▶ _TASK BRIEF_
Among the lines of the records below, copy those that hold the word "image".

Dataset entries
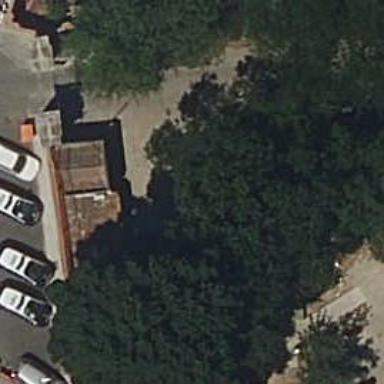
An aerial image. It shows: Bicycle parking area with wall loops.
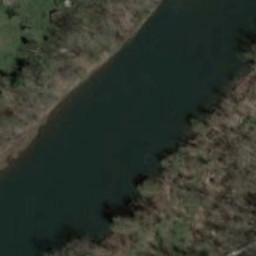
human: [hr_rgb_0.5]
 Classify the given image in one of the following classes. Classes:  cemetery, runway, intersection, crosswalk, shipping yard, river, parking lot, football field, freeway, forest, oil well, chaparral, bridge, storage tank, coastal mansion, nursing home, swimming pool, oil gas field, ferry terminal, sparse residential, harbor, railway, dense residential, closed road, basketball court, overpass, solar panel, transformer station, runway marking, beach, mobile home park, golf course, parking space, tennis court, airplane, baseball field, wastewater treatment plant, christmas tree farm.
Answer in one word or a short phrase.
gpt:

▶ _SOLUTION BELOW_
An aerial image. It shows: Bicycle parking area with wall loops.
 Classify the given image in one of the following classes. Classes:  cemetery, runway, intersection, crosswalk, shipping yard, river, parking lot, football field, freeway, forest, oil well, chaparral, bridge, storage tank, coastal mansion, nursing home, swimming pool, oil gas field, ferry terminal, sparse residential, harbor, railway, dense residential, closed road, basketball court, overpass, solar panel, transformer station, runway marking, beach, mobile home park, golf course, parking space, tennis court, airplane, baseball field, wastewater treatment plant, christmas tree farm.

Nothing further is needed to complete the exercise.